Circuit QED with a graphene double quantum dot and a reflection-line resonator

Graphene has attracted considerable attention in recent years due to its unique physical properties and potential applications. Graphene quantum dots have been proposed as quantum bits, and their excited-state relaxation rates have been studied experimentally. However, their dephasing rates remain unexplored. In addition, it is still not clear how to implement long-range interaction among qubits for future scalable graphene quantum computing architectures. Here we report a circuit quantum electrodynamics (cQED) experiment using a graphene double quantum dot (DQD) charge qubit and a superconducting reflection-line resonator (RLR).

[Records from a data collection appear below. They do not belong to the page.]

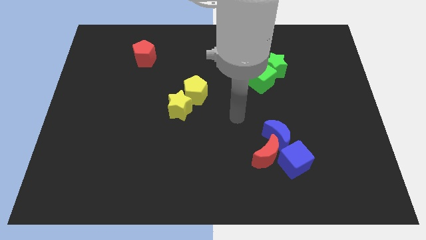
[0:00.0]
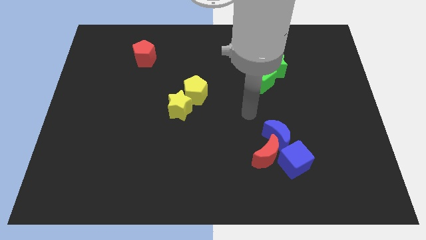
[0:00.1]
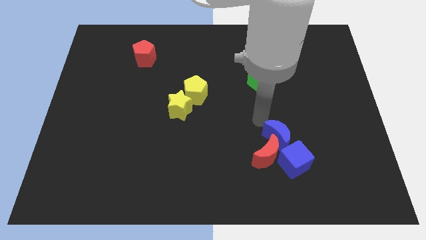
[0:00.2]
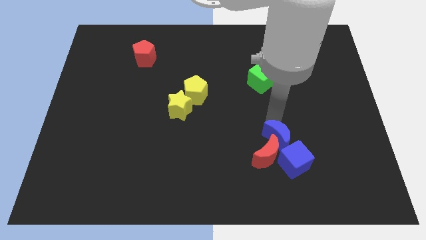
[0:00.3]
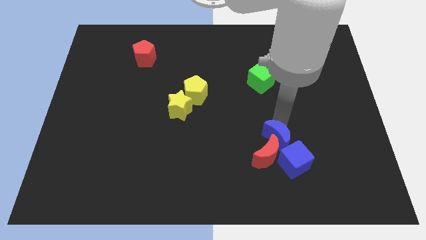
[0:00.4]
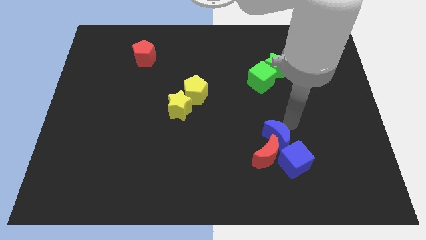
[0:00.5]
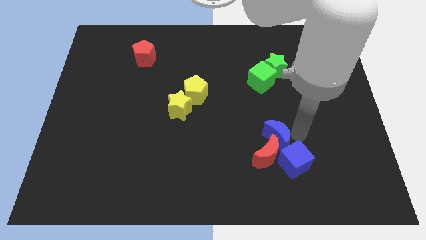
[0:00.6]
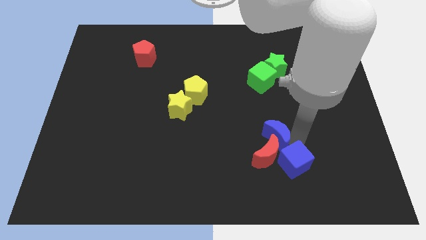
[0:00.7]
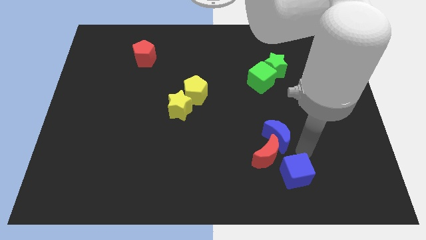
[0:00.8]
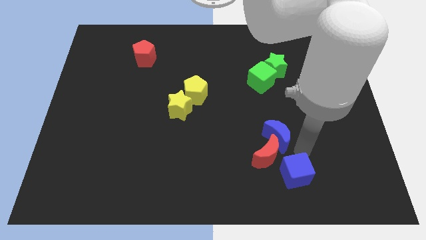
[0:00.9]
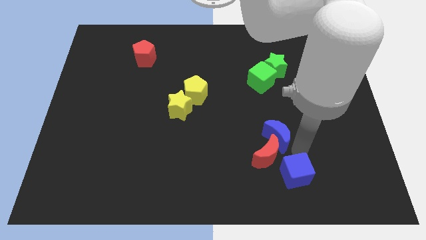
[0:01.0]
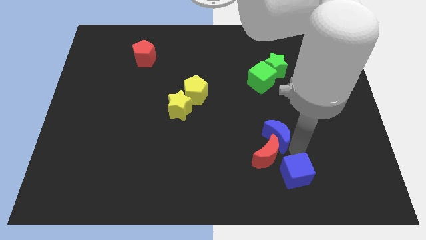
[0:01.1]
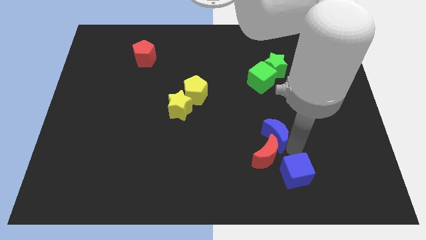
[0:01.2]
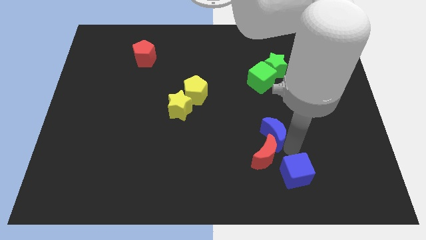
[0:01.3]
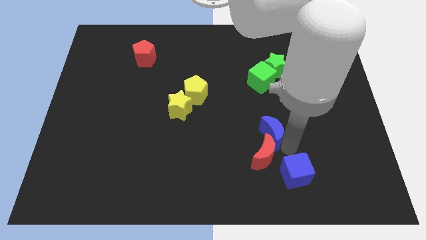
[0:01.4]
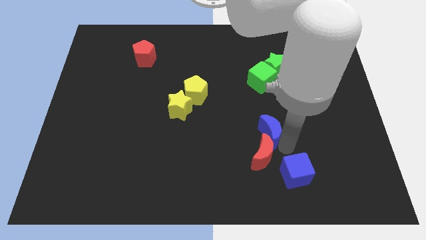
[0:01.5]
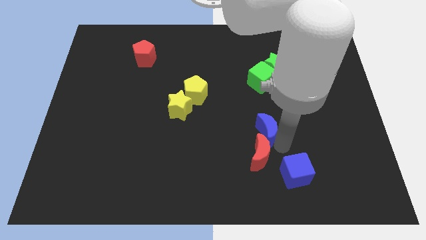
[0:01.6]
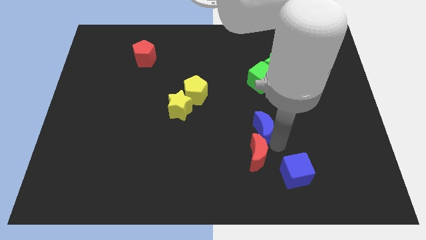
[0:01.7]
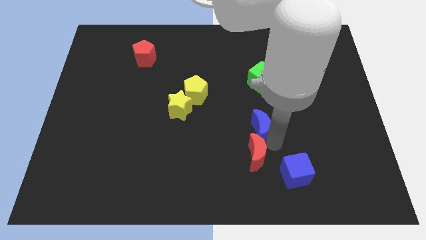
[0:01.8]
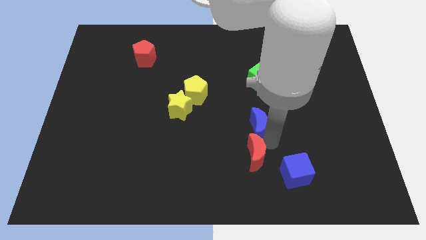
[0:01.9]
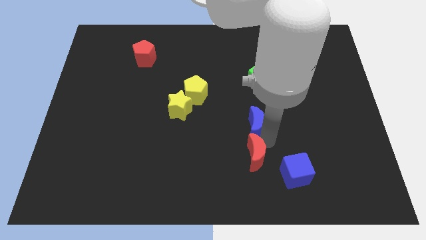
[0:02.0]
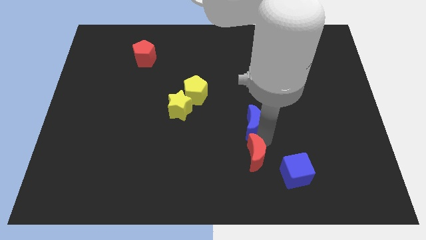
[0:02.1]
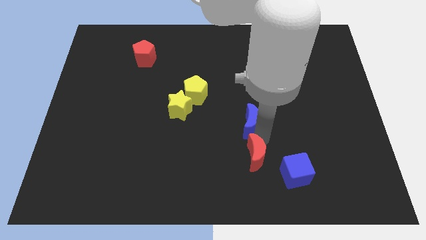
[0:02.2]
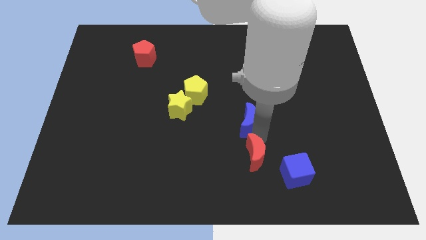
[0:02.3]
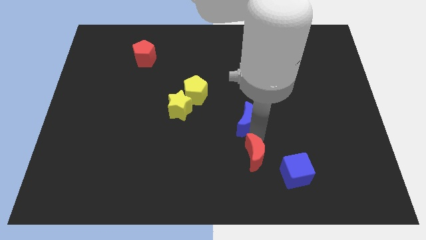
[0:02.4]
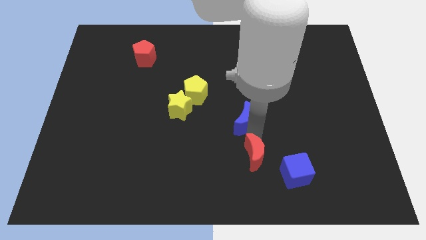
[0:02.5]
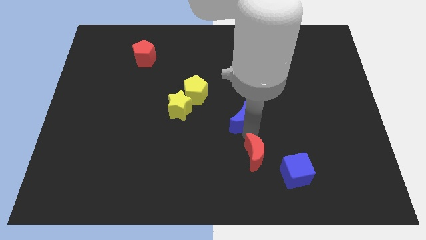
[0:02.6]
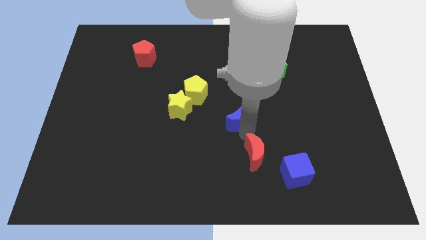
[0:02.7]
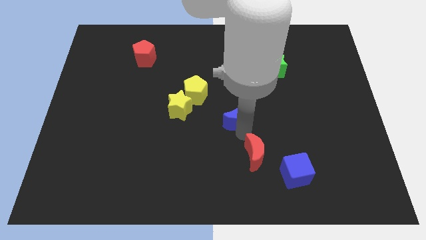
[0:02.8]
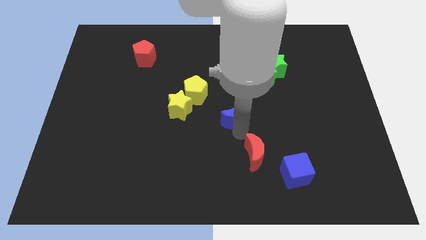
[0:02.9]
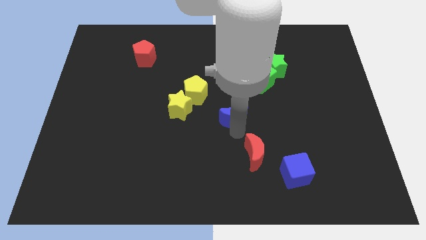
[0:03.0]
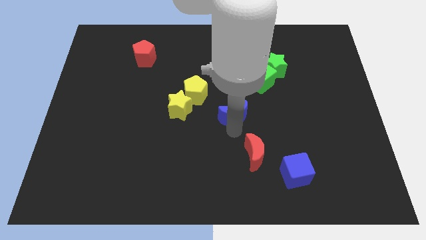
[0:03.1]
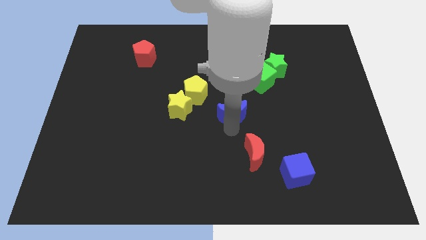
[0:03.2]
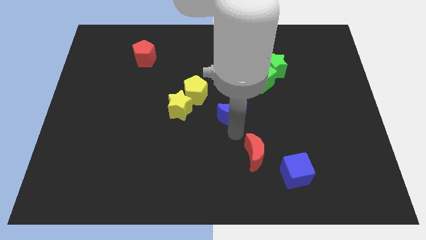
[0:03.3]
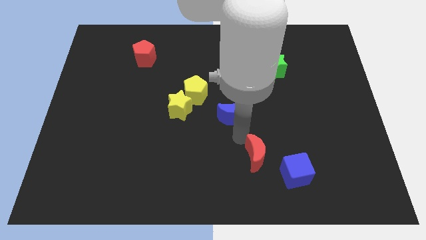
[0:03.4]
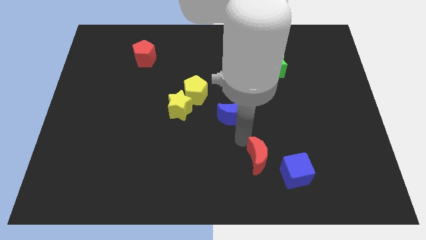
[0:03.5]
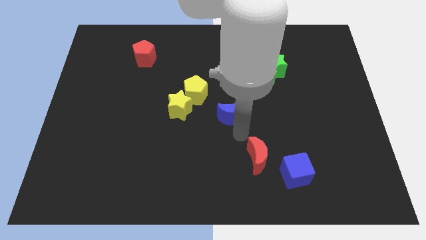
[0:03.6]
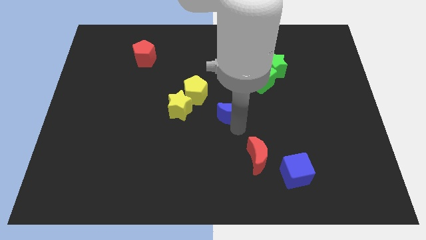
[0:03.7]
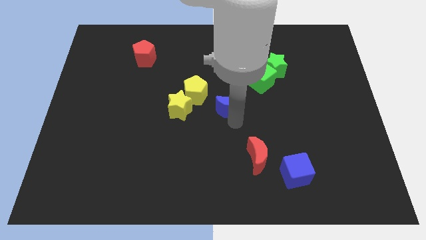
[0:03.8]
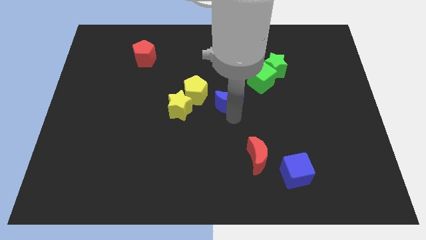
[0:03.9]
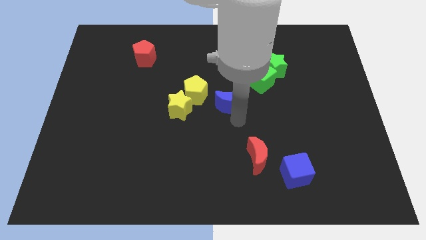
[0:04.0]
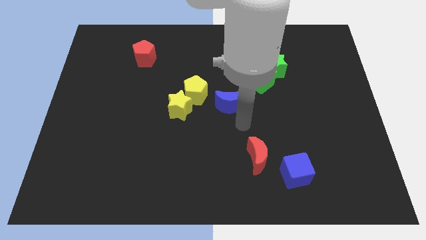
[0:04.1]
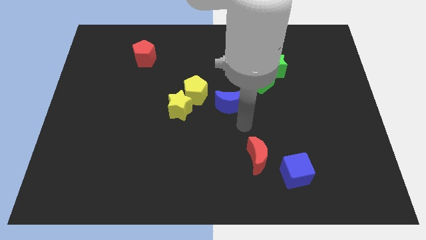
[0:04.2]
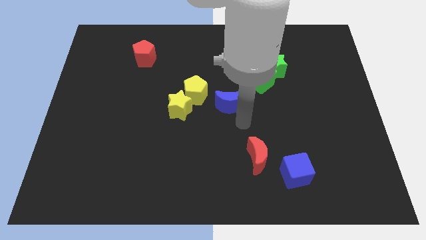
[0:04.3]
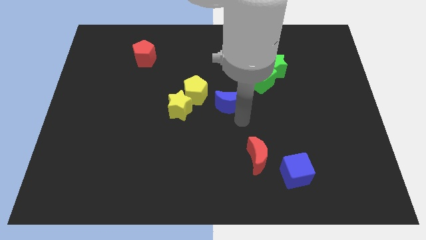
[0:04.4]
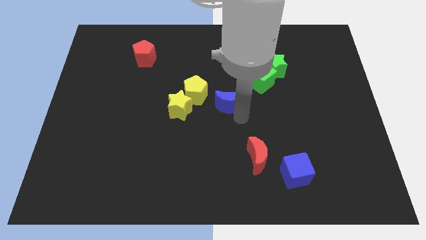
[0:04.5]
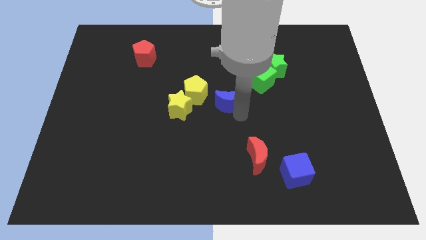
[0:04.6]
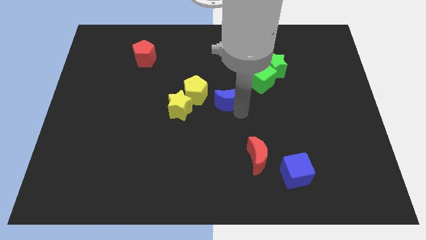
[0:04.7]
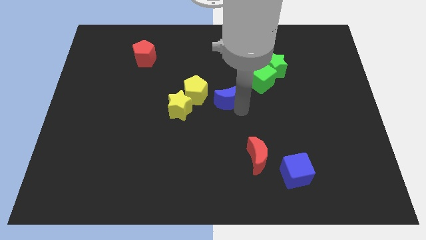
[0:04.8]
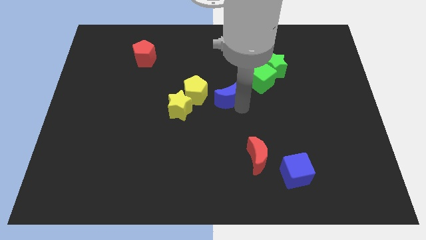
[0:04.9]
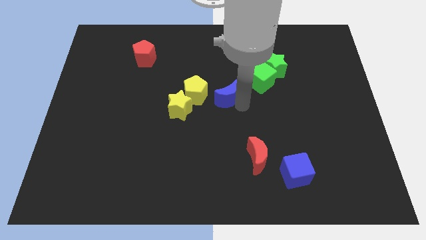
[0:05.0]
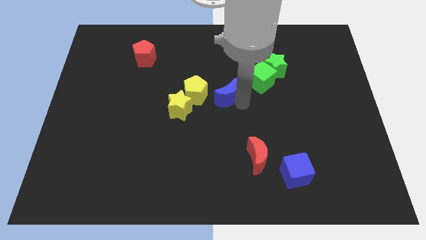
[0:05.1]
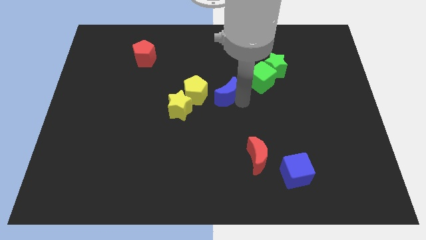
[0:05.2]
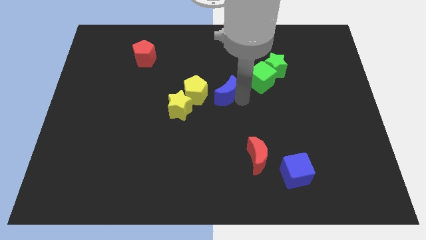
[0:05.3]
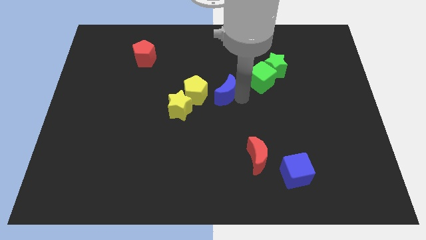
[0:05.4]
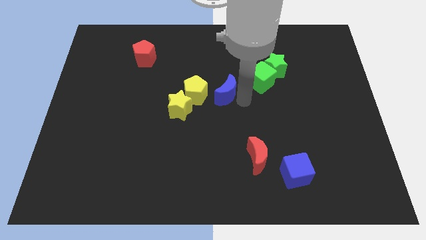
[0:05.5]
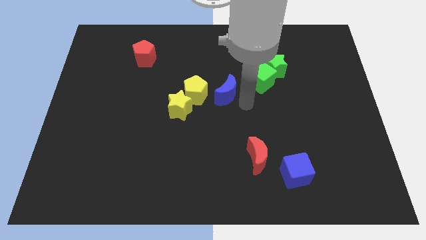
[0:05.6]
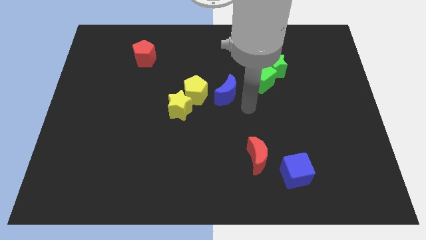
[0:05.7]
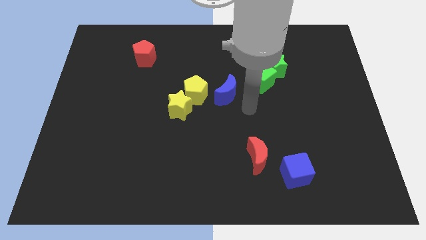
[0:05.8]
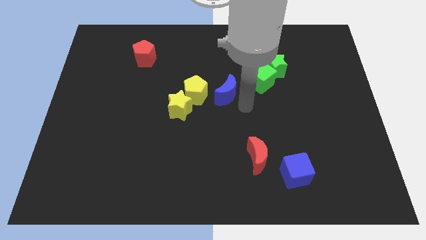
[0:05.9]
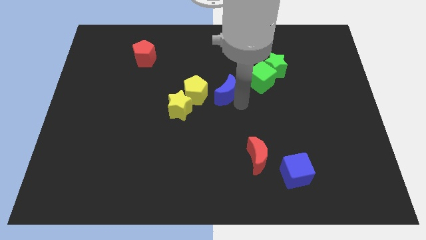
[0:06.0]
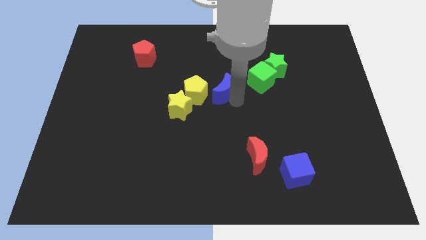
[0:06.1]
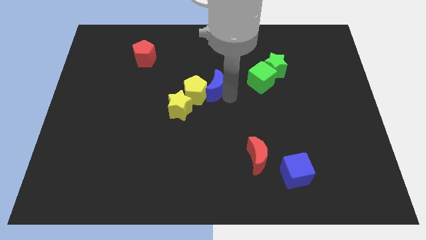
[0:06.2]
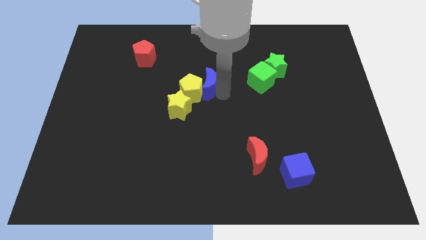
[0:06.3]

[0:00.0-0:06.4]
slide the blue moon diagonally up and left

The demonstration of this capacitive coupling between a graphene qubit and a resonator provides a possible approach for mediating interactions between spatially-separated graphene qubits. Furthermore, taking advantage of sensitive microwave readout measurements using the resonator, we measure the charge-state dephasing rates in our hybrid graphene nanostructure, which is found to be of the order of GHz. A spectral analysis method is also developed to simultaneously extract: the DQD-resonator coupling strength, the tunneling rate between the DQD charge states, and the charge-state dephasing rate. Our results show that this graphene cQED architecture can be a compelling platform for both graphene physics research and potential applications.